We’re getting way ahead of ourselves.
On Sunday, the Pentagon announced that military prosecutors have decided to seek the death penalty against six al-Qaeda operatives who were complicit in the 9/11 attacks. Whether those enemy combatants will actually be executed, however, is a question better answered by three decisions made in the United States Senate on September 28, 2006.
That was the day the chamber voted in favor of the Military Commissions Act. In pertinent part, the
scorecard reads as follows:
John McCain (R., Ariz.) — Aye
Barack Obama (D., Ill.) — Nay
Hillary Clinton (D., N.Y.) — Nay
In sum, whether Khalid Sheikh Mohammed and his five fellow savages are subjected to a military-commission trial at all, let alone put to death, will be determined by the outcome of the election in November, not the analysis of JAG lawyers.

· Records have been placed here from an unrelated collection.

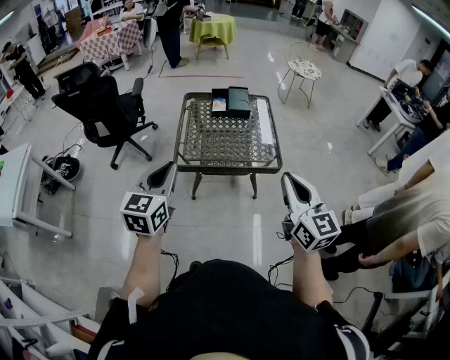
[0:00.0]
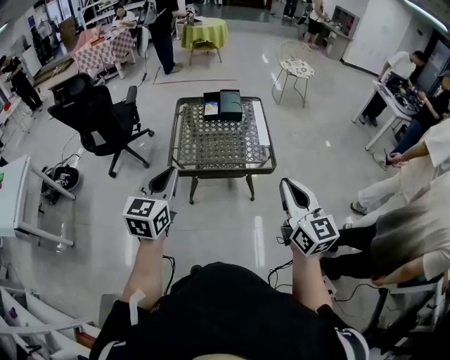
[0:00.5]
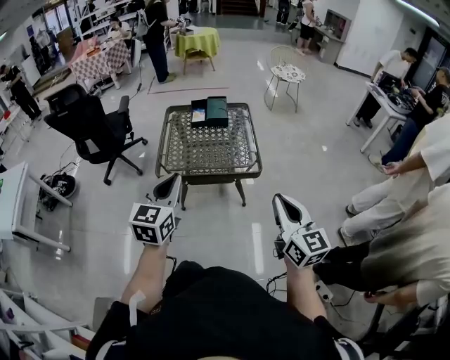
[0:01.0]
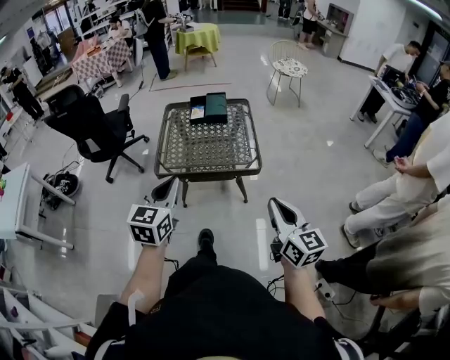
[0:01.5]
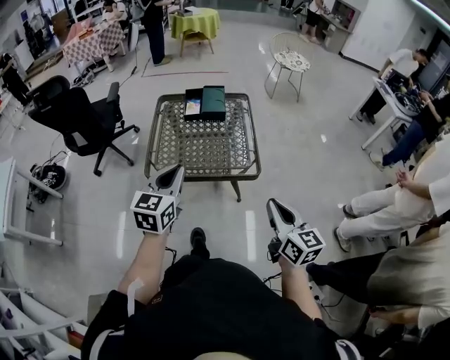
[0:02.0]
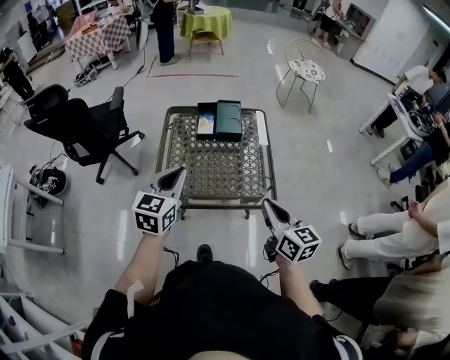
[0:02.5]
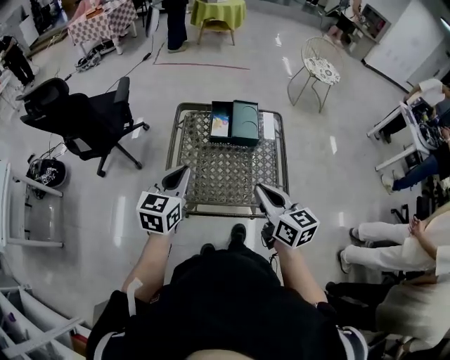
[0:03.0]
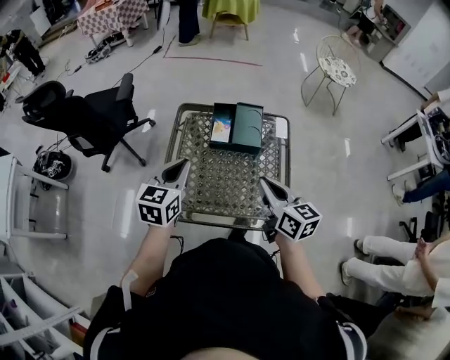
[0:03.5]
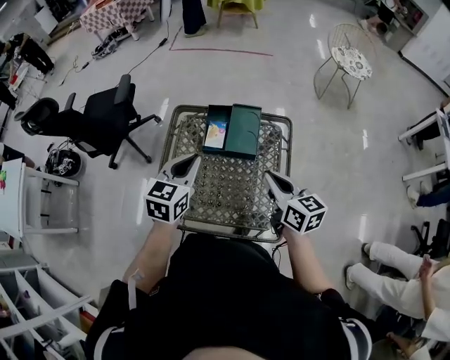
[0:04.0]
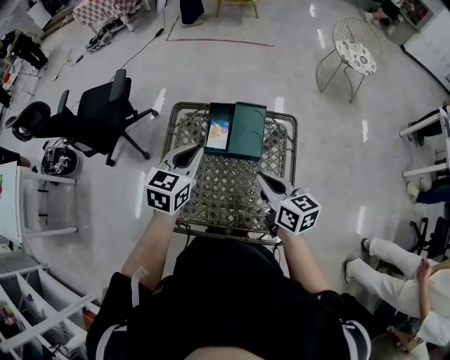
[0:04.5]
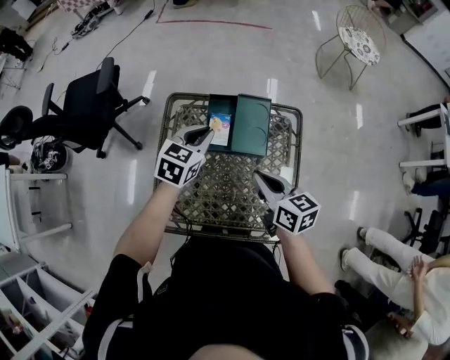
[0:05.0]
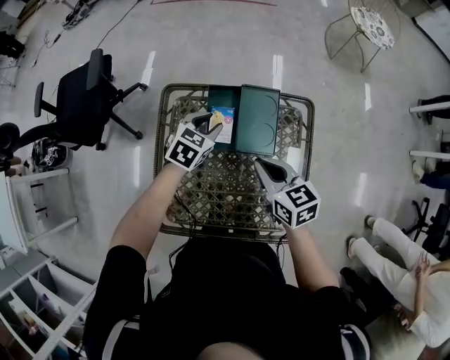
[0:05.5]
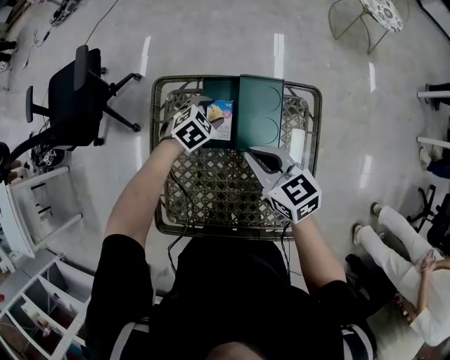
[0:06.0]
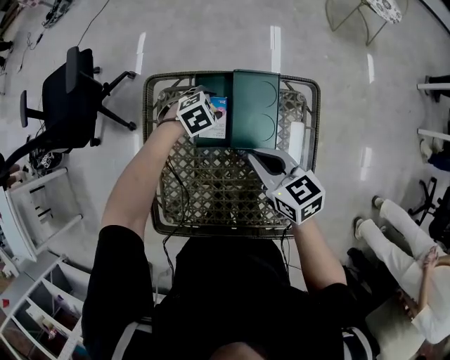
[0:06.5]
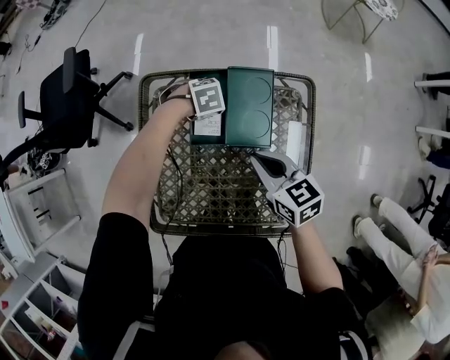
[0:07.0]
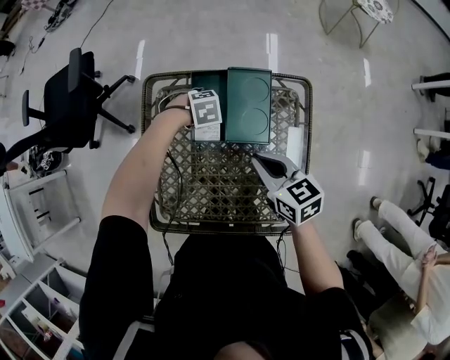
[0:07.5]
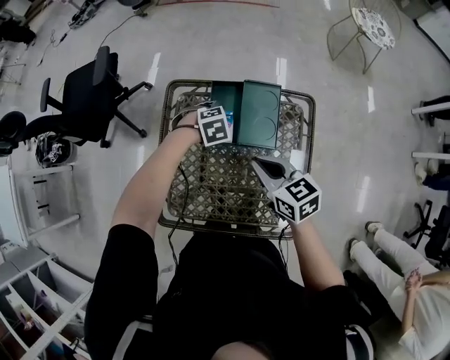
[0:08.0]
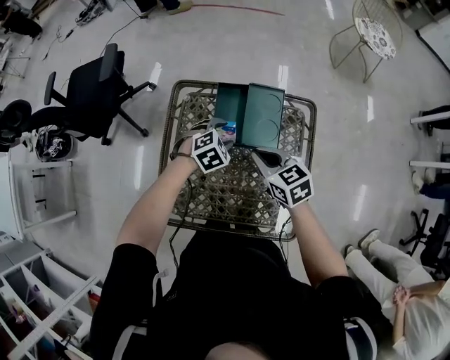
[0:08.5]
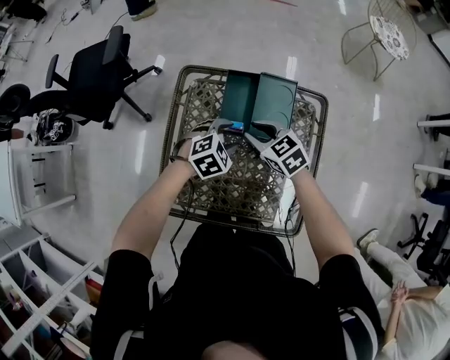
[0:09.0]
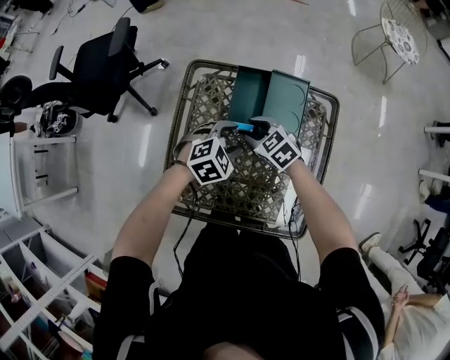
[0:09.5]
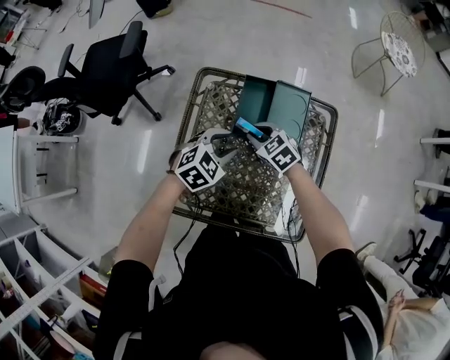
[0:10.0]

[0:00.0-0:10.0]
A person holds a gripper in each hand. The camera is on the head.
0:00.0 to 0:02.0: The left gripper is displaced to the right and forward by roughly 20 cm. The right gripper moves downward and to the right, about 15 cm.
0:02.0 to 0:04.0: The two grippers go approximately 40 cm forward. The right gripper changes its angle by approximately 20 degrees.
0:04.0 to 0:06.0: The left gripper goes approximately 35 cm downward and forward, points its fingers approximately 30 degrees further downward, and opens its fingers. Meanwhile the right gripper moves forward, to the left and downward, approximately 20 cm, and turns by roughly 20 degrees.
0:06.0 to 0:08.0: The left gripper moves approximately 5 cm, and swivels roughly 20 degrees. The right gripper changes place by approximately 5 cm.
0:08.0 to 0:10.0: The left gripper changes place by some 15 cm, and turns by some 30 degrees. The right gripper travels downward by roughly 10 cm, and turns by roughly 30 degrees.

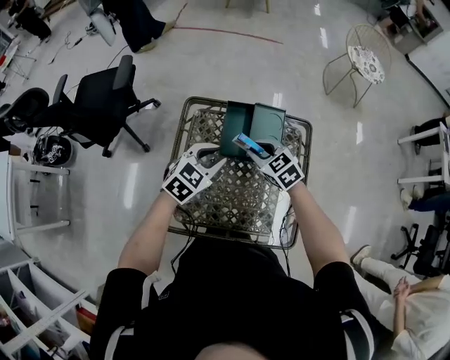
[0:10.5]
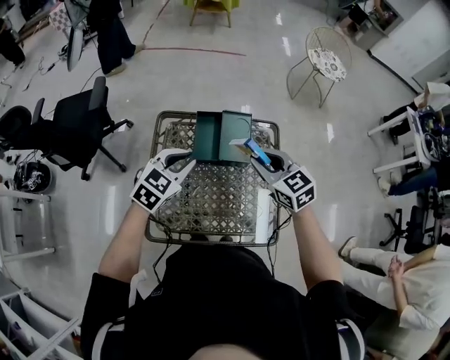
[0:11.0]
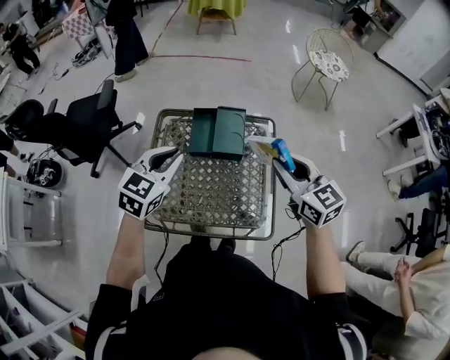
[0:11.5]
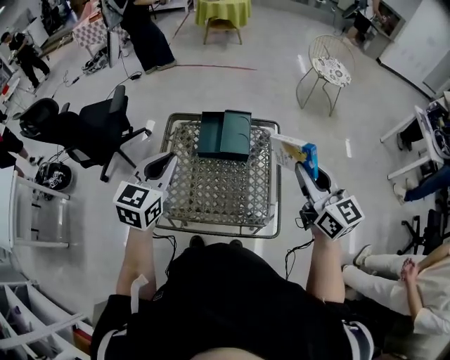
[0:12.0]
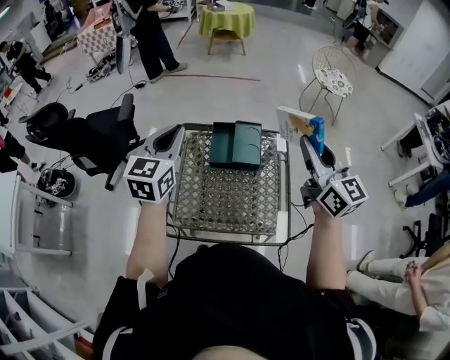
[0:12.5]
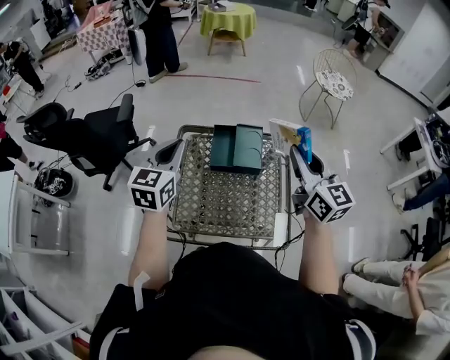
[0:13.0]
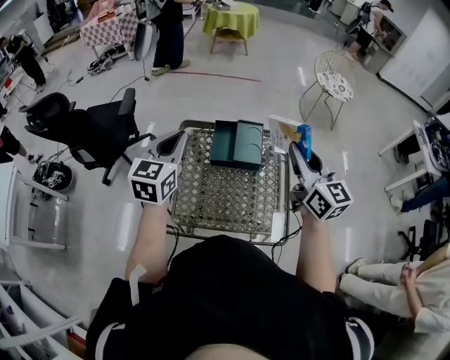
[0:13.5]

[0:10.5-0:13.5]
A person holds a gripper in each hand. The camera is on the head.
0:10.5 to 0:12.0: The left gripper is displaced upward and backward by roughly 20 cm, and rotates approximately 30 degrees. Meanwhile the right gripper goes roughly 40 cm upward, to the right and backward, and angles its fingers upward, by some 40 degrees.
0:12.0 to 0:13.5: The left gripper heads forward, covering about 5 cm. The right gripper goes roughly 10 cm to the left and forward.

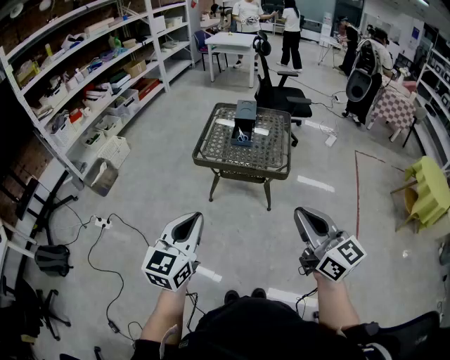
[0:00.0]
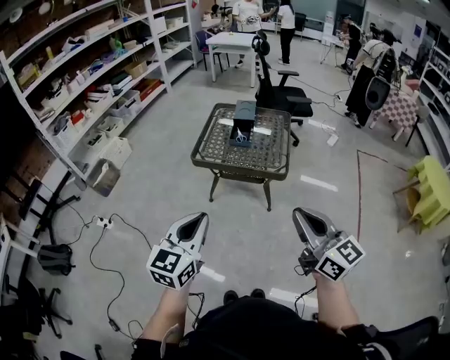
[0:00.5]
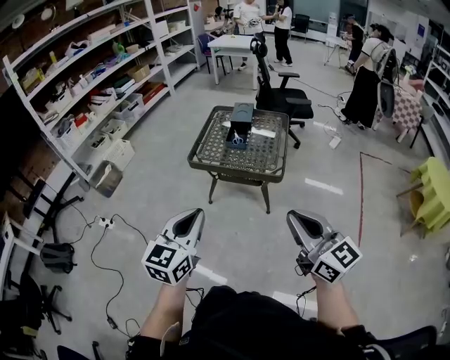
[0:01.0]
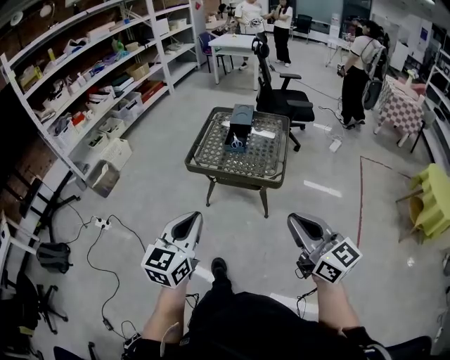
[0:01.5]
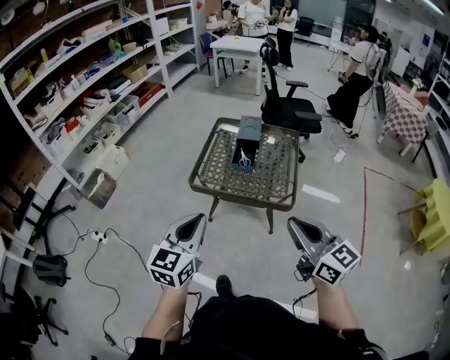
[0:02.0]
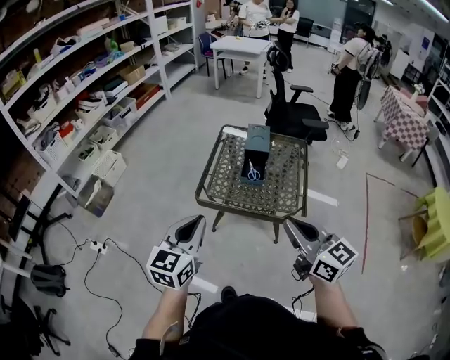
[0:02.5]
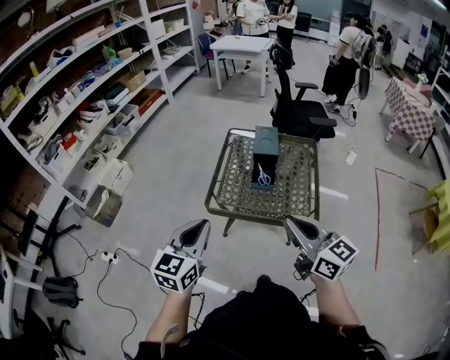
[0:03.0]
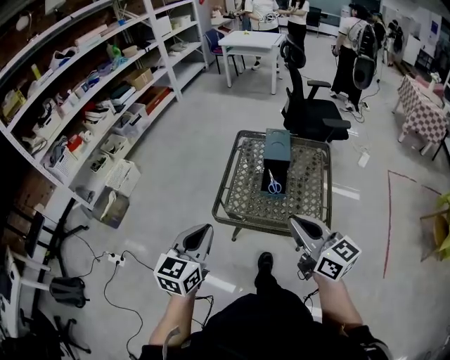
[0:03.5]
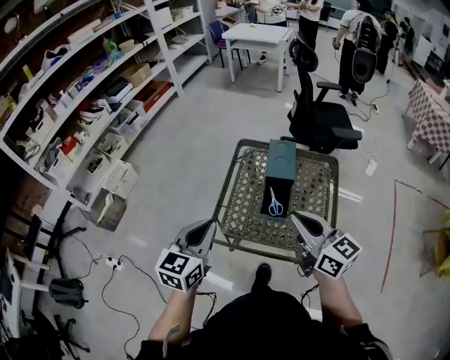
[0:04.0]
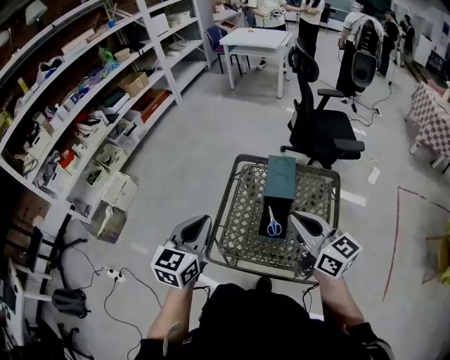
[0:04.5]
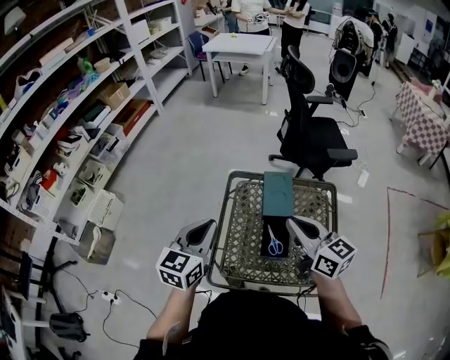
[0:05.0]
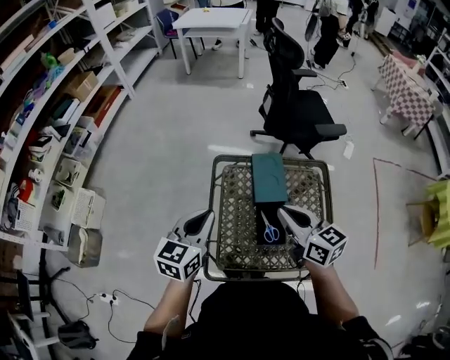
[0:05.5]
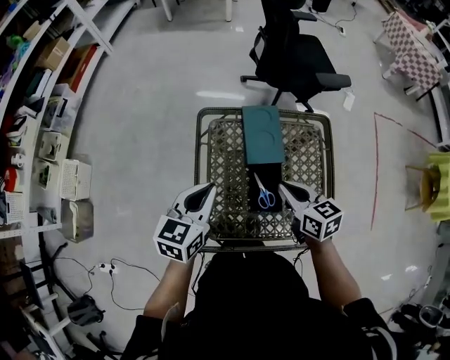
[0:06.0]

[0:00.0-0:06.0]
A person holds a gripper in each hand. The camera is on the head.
0:00.0 to 0:02.0: The two grippers go about 15 cm forward.
0:02.0 to 0:04.0: The grippers both shift forward by some 30 cm.
0:04.0 to 0:06.0: The left gripper moves forward and downward, about 25 cm, and turns by some 20 degrees; the right gripper is displaced downward and forward by approximately 25 cm, and swivels about 30 degrees.

It is worth pausing to recognize just how preliminary Sunday’s announcement was. Whether a case is in the civilian or military legal system, the first thing that has to happen before charges get filed is the assigned prosecutor has to figure out what charges his proof can support. So far, this is all that has happened: the government lawyers have concluded their evidence is sufficient to prove that the six combatants conspired to murder, committed nearly 3,000 murders in violation of the laws of war, engaged in terrorism, and materially supported terrorism.
No one should be surprised by that, or by the fact that capital punishment is on the table. In November 2001, President Bush issued his first
executive order authorizing military commissions. Section 4(a) of that order declared that any person subject to trial by military commission “may be punished in accordance with the penalties provided under applicable law, including life imprisonment or death.”
Of course, we have not yet had a single commission trial despite the passage of six years’ time. In the interim, not only have the contemplated procedures been a work in progress but the legal basis for holding commissions has dramatically altered — which is why the three plausible contenders for the presidency found themselves casting those votes in 2006. Commissions are now authorized by statute, the aforementioned Military Commissions Act, not executive order. Nevertheless, two core facts have never changed.
First, capital charges have always been a possibility — indeed, likelihood — for terrorism offenses, just as they are in the civilian system. Second, even if a combatant is originally placed in the military system, the commander-in-chief has the power to transfer him to the civilian system — just as President Bush did with Jose Padilla, who was recently convicted of terrorism charges by a civilian court after being detained for three years as an enemy combatant.
While the anti-commission forces, complemented by the anti-death-penalty lobby, are already cranking it up to DEFCON 4, we are in fact a long, long way from a capital-commission trial.